The challenge of rare cancers

Programme stream(s): Treatment
Programme session type(s): Specialist session

Chair: Richard Adams, University of Cardiff, UK
Speaker: Sheela Rao, Royal Marsden Hospital, UK
Speaker: Matt Sydes, University College London, UK
Speaker: Steve Nicholson, International Rare Cancers Initiative in Penile Cancer, UK

14:00-16:00

Room: Alsh

Topics covered in this session:
– Stats/methodology.
– InPACT
– InterAACT

The challenges of rare cancer: Time for change
Speaker: Richard Adams
Affiliation: Cardiff University

Abstract:

Are all cancers becoming rare? How will we cope with the increasing compartmentalization of cancers in an era of ever increasing data? We will discuss rare cancers in the context of clinical trials, exploring practical issues of trials design and collaboration on an international scale as well as exploring the successes and how they have been achieved

Designing trials in smaller populations
Speaker: Matthew Sydes
Affiliation: MRC Clinical Trials Unit at UCL

Abstract:

How should we approach trial design when the ideal sample size is considered larger than the number of participants that can be recruited in a reasonable time frame? We present an ordered framework for designing randomised trials, staying with the frequentist approach well accepted and understood in large trials, that includes small alterations to the design parameters. The first step should always be to attempt to extend collaborations, consider broadening eligibility criteria and increase the accrual time or follow-up time. The second set of ordered considerations are the choice of research arm, outcome measures, power and target effect.
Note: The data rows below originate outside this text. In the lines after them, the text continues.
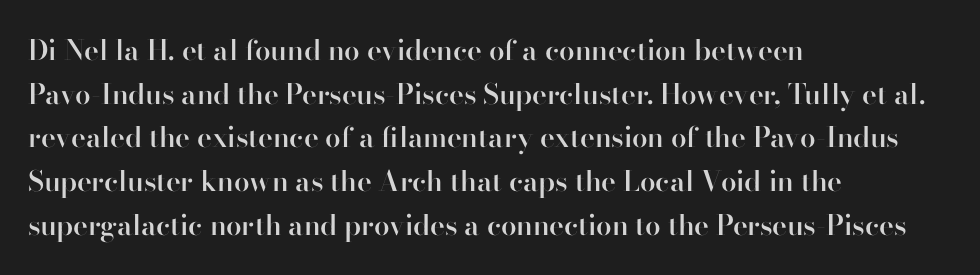
{"serif": "no", "italic": "no", "bold": "semi", "weight": "semibold", "width": "normal", "stroke_contrast": "high", "x_height": "small", "monospaced": "no", "underline": "no", "align": "left", "line_spacing": "normal", "line_spacing_ratio": 1.56, "letter_spacing": "normal", "letter_spacing_em": 0.0, "glyph_px": 28}
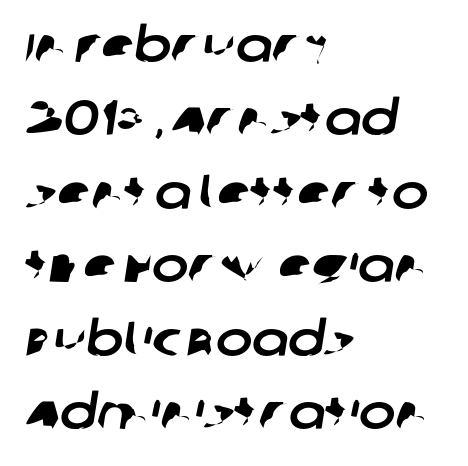
{"serif": "no", "width": "normal", "stroke_contrast": "low", "x_height": "large", "monospaced": "no", "underline": "no", "align": "left", "line_spacing": "normal", "line_spacing_ratio": 1.5, "letter_spacing": "normal", "letter_spacing_em": 0.0, "glyph_px": 49}
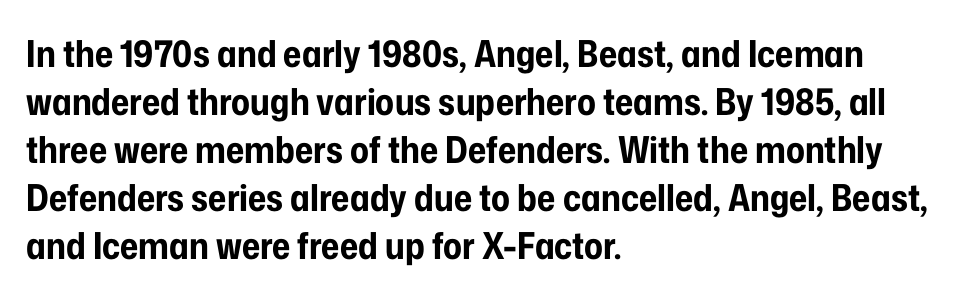
Stroke terminals: plain, sans-serif. Students, observe: this is what conventionally led text looks like. The baseline area is clear. Italic? Not at all — the glyphs are vertical. Is this a fixed-width face? No — the glyphs have proportional, varying widths. These lines are set flush left with a ragged right edge.
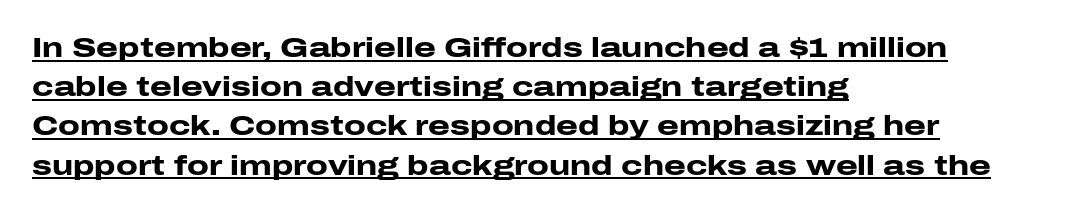
The image shows 28 px heavy, wide sans-serif type, upright; set left-aligned, normal line spacing (1.4x), normal letter spacing, underlined; low stroke contrast and a medium x-height.
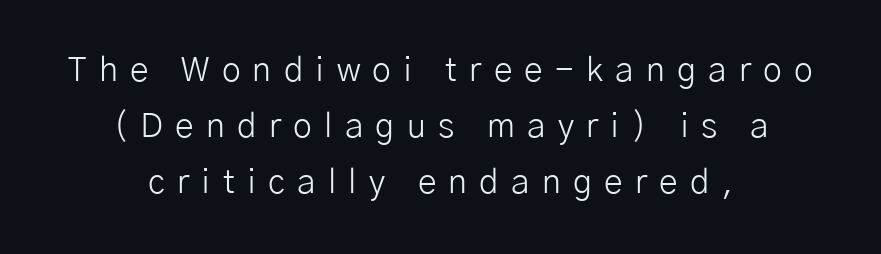
The image shows 34 px light sans-serif type, upright; set centered, normal line spacing (1.65x), unusually wide letter spacing (+0.36 em), not underlined; low stroke contrast and a medium x-height.
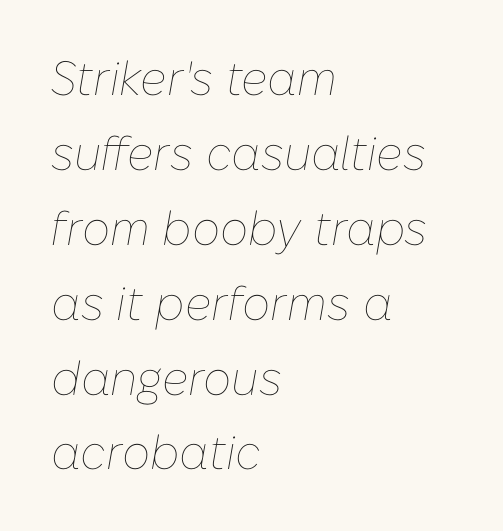
The image shows 48 px thin type, italic (leaning right); set left-aligned, normal line spacing (1.56x), normal letter spacing, not underlined; low stroke contrast and a medium x-height.
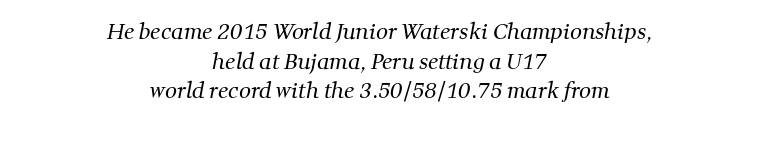
Q: Is the text bold? A: No.
Q: Is the text underlined? A: No.
Q: How is the paragraph aligned? A: Centered.
Q: Is the spacing between letters normal or unusually wide? A: Normal.
Q: Is the spacing between lines tight, normal or loose? A: Normal.
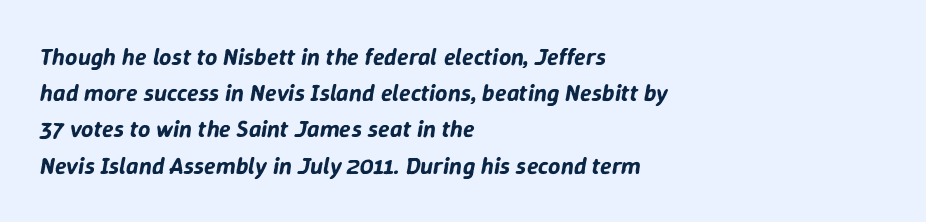
The image shows 24 px text type, italic (leaning right); set left-aligned, normal line spacing (1.51x), normal letter spacing, not underlined.
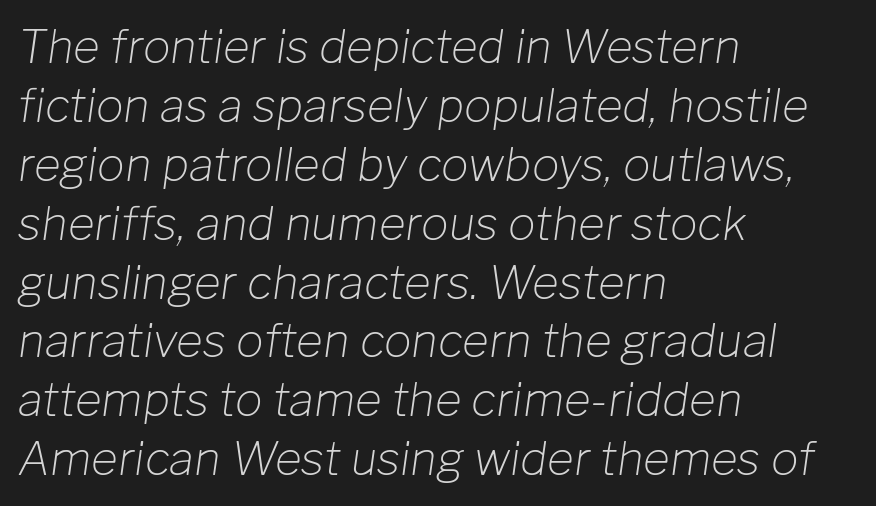
The image shows 46 px light type, italic (leaning right); set left-aligned, normal line spacing (1.28x), normal letter spacing, not underlined; low stroke contrast and a medium x-height.
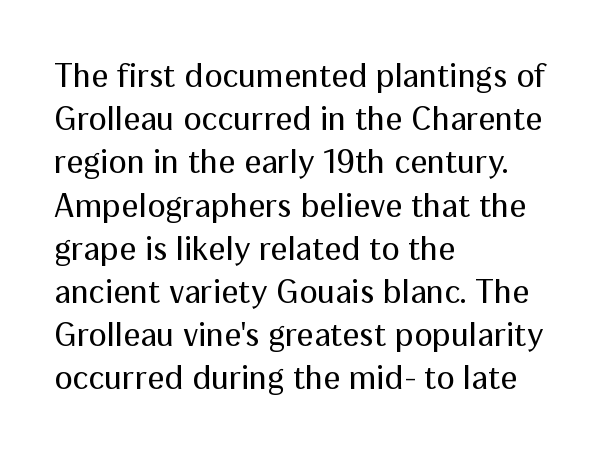
Every stem runs plumb, perpendicular to the baseline. Here the glyphs are tracked normally, forming tight word shapes. Note the varied advance widths — an 'i' is clearly narrower than an 'm'. Honestly, there is no underline to notice here at all.
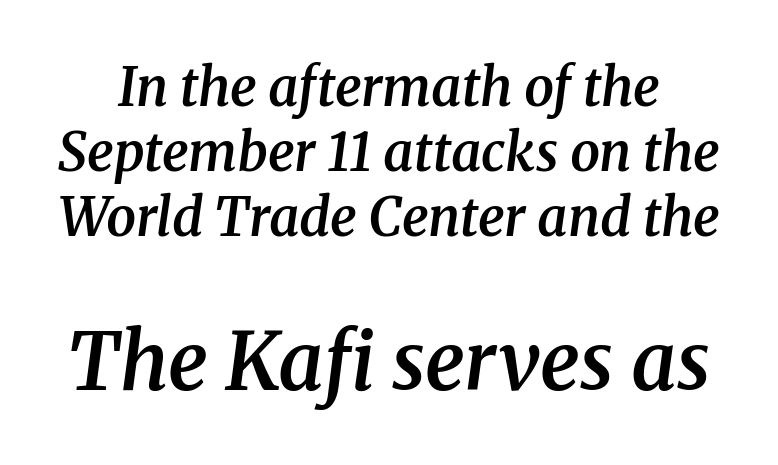
Q: Is the text bold? A: Semi-bold.
Q: Is the text italic (slanted)? A: Yes, it leans right by about 8 degrees.
Q: Is the typeface a serif or a sans-serif typeface? A: Serif.
Q: Is the text underlined? A: No.
Q: Is the spacing between letters normal or unusually wide? A: Normal.
Q: Which block of text is set in a larger size, the first (top) or the second (bottom)? A: The second (bottom) one.
Q: Width (condensed, normal, or wide)? A: Normal.
Q: Stroke contrast? A: Medium.
Q: x-height? A: Medium.
Q: Monospaced? A: No.
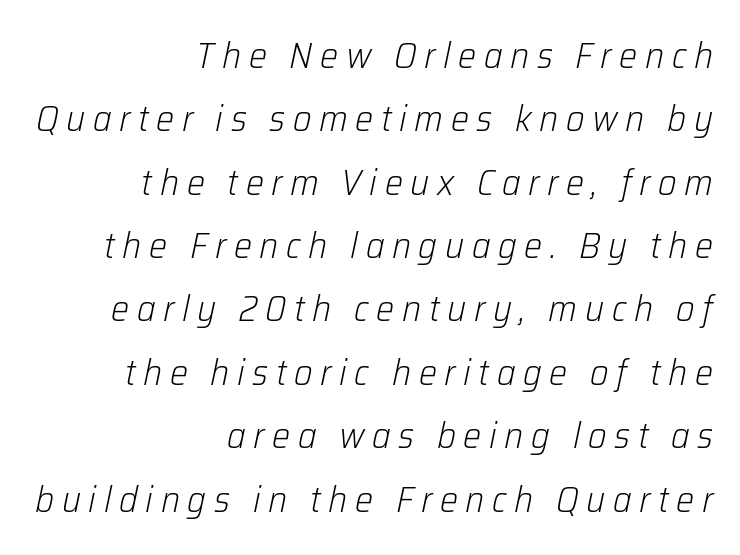
The image shows 36 px light type, italic (leaning right); set right-aligned, line spacing 1.76x, unusually wide letter spacing (+0.21 em), not underlined; low stroke contrast and a medium x-height.
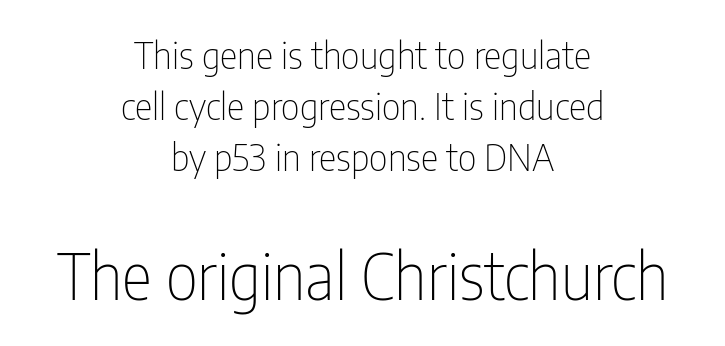
The specimen reads as upright at a glance. A centered setting, common on invitations and titles, is used for this passage. Is this a fixed-width face? No — the glyphs have proportional, varying widths. Is the letter spacing exaggerated? No — it looks like the ordinary default. A bare baseline throughout the passage.
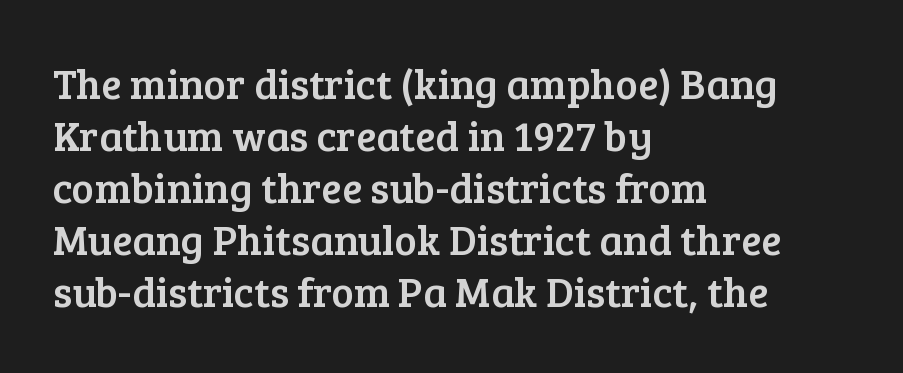
{"serif": "yes", "italic": "no", "width": "normal", "stroke_contrast": "low", "x_height": "medium", "monospaced": "no", "underline": "no", "align": "left", "line_spacing_ratio": 1.24, "letter_spacing": "normal", "letter_spacing_em": 0.0, "glyph_px": 42}

If the revised design is still not feasible, in the third step we propose moving from two- to one-sided significance tests, changing the type I error rate, using covariate information at the design stage, re-randomising patients and borrowing external information. We discuss benefits from some proposals and warn against others. This framework would allow appropriate evaluation of treatments when large-scale phase III trials are not possible, but where the need for high-quality randomised data is as pressing as it is for common diseases.